# Material to process

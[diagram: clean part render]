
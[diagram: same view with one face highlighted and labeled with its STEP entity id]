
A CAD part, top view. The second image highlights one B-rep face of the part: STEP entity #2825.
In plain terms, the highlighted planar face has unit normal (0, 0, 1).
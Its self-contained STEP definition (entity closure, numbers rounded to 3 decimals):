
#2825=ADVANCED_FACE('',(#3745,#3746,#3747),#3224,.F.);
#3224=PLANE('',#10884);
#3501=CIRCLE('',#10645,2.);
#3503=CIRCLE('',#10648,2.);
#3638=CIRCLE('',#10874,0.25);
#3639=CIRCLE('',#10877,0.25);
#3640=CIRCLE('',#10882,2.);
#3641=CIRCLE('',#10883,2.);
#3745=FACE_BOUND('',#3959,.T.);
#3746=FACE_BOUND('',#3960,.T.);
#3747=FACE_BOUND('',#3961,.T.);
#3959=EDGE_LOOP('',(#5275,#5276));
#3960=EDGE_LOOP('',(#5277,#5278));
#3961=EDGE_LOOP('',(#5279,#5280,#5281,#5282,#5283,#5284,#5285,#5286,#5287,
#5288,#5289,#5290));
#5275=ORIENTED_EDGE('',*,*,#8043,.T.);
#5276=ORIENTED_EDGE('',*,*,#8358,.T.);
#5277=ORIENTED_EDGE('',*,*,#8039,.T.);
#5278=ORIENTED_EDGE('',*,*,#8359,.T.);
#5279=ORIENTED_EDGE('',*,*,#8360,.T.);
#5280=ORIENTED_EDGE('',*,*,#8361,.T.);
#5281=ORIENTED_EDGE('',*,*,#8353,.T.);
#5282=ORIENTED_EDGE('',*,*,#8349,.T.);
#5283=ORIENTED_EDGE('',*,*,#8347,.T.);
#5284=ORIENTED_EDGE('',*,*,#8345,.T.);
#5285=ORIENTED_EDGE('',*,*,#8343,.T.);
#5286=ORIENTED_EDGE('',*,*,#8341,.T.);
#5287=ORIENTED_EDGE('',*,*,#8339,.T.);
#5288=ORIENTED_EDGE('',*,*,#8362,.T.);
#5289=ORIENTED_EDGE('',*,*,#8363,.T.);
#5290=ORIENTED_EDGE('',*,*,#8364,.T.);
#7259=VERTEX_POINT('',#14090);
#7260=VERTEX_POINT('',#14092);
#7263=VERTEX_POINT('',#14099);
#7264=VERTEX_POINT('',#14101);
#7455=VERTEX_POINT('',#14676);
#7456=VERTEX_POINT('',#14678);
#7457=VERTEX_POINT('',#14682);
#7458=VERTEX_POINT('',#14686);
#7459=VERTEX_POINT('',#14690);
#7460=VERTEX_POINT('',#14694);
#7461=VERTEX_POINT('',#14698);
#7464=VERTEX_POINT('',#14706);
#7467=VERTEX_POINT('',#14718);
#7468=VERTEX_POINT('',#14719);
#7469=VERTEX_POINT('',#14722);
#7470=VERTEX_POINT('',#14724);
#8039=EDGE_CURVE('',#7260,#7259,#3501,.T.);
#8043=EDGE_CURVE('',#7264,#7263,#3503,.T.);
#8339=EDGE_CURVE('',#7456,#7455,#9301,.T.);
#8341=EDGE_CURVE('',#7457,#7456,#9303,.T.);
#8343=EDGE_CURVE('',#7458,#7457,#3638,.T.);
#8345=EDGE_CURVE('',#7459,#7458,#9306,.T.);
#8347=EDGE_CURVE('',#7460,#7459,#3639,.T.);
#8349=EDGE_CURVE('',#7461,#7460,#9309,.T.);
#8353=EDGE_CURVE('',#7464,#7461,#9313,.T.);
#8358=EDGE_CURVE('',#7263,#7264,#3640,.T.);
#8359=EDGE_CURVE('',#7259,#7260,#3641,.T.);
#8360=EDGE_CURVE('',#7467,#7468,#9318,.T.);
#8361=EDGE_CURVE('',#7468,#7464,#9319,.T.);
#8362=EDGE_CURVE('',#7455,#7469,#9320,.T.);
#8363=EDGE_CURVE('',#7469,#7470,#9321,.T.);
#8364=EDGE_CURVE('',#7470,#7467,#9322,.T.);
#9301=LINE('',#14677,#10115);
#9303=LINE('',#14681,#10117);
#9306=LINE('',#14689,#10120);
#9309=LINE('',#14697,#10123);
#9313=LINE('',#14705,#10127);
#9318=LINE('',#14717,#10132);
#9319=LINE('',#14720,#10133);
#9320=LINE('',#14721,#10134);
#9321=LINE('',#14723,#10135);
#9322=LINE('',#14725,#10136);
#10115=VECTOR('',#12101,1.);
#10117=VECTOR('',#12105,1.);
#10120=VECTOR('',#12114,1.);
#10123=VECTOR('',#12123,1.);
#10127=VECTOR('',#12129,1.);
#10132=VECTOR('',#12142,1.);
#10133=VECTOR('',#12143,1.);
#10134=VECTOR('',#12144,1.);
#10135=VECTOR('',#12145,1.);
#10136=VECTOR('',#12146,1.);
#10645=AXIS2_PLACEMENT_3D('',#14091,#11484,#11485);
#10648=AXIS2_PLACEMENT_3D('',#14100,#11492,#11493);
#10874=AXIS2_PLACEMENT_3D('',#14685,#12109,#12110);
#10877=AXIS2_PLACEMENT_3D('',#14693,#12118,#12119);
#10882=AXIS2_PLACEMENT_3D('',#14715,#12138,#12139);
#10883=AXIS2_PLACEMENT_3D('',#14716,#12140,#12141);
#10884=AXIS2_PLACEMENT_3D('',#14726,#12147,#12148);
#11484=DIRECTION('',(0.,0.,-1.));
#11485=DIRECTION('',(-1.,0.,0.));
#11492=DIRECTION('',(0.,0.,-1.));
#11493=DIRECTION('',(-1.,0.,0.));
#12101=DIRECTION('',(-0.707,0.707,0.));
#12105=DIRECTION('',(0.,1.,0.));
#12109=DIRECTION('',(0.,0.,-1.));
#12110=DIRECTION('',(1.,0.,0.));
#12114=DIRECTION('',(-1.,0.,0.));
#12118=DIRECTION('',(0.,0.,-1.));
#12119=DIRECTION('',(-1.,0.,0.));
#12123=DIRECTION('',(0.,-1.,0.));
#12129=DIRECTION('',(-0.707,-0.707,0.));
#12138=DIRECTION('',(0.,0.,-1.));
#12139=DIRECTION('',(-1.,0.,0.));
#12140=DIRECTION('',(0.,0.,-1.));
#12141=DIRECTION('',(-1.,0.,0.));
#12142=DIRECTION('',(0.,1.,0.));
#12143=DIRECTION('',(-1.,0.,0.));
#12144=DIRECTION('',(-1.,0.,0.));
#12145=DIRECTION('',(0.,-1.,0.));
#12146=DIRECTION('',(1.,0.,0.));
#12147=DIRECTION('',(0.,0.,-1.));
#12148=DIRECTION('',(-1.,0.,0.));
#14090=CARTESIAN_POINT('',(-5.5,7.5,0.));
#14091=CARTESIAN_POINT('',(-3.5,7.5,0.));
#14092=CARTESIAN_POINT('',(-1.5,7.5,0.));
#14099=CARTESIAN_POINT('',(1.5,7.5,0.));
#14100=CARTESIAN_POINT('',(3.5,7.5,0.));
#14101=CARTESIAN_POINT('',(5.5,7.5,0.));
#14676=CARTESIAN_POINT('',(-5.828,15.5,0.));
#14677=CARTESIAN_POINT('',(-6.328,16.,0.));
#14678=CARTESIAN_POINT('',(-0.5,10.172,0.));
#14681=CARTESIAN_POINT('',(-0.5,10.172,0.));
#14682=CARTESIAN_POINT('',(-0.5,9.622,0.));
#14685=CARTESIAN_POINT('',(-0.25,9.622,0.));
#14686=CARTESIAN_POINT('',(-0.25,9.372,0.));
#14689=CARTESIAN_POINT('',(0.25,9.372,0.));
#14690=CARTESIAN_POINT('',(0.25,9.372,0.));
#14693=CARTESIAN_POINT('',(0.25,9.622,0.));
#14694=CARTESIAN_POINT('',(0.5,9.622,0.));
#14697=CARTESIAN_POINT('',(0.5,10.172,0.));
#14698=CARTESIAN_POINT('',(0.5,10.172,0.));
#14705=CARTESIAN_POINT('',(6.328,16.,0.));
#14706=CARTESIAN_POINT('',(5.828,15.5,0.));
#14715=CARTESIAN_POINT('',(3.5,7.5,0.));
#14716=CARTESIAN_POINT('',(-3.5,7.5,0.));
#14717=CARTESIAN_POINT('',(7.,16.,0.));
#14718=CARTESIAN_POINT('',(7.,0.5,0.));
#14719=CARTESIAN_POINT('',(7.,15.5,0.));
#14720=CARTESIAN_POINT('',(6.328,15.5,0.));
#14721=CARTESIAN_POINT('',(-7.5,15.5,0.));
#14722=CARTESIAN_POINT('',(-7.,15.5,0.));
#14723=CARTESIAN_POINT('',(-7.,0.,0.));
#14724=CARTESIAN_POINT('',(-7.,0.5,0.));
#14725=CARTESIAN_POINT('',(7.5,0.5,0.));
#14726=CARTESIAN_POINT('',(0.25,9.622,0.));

# Exercise directions
Work through the entries, filtering for the string "CIRCLE", and copy each line that holds it.

# Task answer
#3501=CIRCLE('',#10645,2.);
#3503=CIRCLE('',#10648,2.);
#3638=CIRCLE('',#10874,0.25);
#3639=CIRCLE('',#10877,0.25);
#3640=CIRCLE('',#10882,2.);
#3641=CIRCLE('',#10883,2.);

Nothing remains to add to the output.